## What to produce
Show every line of the data where the word "Topology" can be found.

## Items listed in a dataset
•••

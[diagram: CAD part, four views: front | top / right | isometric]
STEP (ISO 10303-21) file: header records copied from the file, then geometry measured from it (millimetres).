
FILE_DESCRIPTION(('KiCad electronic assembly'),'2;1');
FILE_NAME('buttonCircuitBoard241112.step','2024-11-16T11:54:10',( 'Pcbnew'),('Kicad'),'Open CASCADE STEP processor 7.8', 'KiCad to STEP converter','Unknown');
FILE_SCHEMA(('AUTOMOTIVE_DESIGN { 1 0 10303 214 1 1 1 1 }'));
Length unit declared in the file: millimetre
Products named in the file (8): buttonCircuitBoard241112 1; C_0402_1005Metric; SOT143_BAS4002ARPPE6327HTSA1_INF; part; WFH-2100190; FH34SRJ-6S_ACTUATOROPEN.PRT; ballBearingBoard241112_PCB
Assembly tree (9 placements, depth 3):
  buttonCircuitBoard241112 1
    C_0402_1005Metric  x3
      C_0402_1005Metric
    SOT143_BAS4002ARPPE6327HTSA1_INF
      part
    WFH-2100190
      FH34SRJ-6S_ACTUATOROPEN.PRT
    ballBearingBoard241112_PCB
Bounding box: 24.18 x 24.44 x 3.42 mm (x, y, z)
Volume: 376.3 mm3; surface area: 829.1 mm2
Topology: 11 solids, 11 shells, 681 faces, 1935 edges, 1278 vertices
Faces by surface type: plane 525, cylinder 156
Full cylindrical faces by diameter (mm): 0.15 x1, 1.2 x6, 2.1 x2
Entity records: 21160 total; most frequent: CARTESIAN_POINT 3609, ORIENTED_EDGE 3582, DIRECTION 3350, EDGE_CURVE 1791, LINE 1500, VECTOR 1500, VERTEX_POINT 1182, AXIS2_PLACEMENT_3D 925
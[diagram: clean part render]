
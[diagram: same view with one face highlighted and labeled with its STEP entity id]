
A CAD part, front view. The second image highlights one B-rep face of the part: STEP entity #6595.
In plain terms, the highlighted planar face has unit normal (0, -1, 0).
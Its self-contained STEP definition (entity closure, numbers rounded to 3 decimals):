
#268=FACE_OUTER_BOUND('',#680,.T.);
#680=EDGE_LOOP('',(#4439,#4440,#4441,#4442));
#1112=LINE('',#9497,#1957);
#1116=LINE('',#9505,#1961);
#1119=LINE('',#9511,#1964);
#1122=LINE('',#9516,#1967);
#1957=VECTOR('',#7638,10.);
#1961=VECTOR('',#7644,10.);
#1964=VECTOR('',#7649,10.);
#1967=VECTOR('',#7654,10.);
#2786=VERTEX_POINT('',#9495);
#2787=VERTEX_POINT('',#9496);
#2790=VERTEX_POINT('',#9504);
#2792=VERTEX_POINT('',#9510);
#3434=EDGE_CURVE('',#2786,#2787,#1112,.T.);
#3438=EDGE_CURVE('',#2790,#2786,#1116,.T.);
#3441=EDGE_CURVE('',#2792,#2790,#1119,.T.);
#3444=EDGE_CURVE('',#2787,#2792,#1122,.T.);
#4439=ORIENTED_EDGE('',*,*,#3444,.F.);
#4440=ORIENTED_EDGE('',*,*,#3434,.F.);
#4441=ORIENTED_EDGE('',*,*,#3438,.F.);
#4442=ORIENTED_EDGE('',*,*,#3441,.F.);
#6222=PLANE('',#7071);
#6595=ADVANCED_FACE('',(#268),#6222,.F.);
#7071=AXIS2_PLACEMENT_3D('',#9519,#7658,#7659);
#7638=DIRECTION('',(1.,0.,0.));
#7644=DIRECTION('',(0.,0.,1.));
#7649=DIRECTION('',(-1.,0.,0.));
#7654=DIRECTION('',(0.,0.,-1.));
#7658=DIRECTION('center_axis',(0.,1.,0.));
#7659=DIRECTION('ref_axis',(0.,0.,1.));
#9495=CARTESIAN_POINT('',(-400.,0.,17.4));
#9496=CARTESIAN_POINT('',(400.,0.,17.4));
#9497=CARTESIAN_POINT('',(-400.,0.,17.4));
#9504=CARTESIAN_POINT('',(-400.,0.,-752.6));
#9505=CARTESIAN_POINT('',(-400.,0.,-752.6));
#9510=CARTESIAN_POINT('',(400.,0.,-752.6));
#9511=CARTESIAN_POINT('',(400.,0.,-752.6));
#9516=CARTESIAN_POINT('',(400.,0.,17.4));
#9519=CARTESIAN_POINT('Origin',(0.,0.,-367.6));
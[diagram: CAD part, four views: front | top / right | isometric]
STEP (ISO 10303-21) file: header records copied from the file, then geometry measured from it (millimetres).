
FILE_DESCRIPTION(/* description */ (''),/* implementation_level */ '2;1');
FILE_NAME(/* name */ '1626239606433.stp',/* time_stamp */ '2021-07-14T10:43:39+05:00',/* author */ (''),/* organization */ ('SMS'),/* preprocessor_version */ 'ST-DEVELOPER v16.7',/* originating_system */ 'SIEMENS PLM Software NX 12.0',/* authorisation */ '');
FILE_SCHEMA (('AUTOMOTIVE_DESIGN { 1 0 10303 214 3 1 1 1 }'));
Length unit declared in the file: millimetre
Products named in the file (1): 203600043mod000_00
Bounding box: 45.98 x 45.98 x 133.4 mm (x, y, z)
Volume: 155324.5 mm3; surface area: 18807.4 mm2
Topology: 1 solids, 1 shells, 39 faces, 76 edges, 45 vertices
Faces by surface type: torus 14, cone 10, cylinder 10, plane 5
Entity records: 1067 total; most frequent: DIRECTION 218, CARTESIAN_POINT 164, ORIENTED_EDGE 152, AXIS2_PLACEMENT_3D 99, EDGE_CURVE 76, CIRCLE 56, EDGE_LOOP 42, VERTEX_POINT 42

•••

## Solution to the problem
Topology: 11 solids, 11 shells, 681 faces, 1935 edges, 1278 vertices
Topology: 1 solids, 1 shells, 39 faces, 76 edges, 45 vertices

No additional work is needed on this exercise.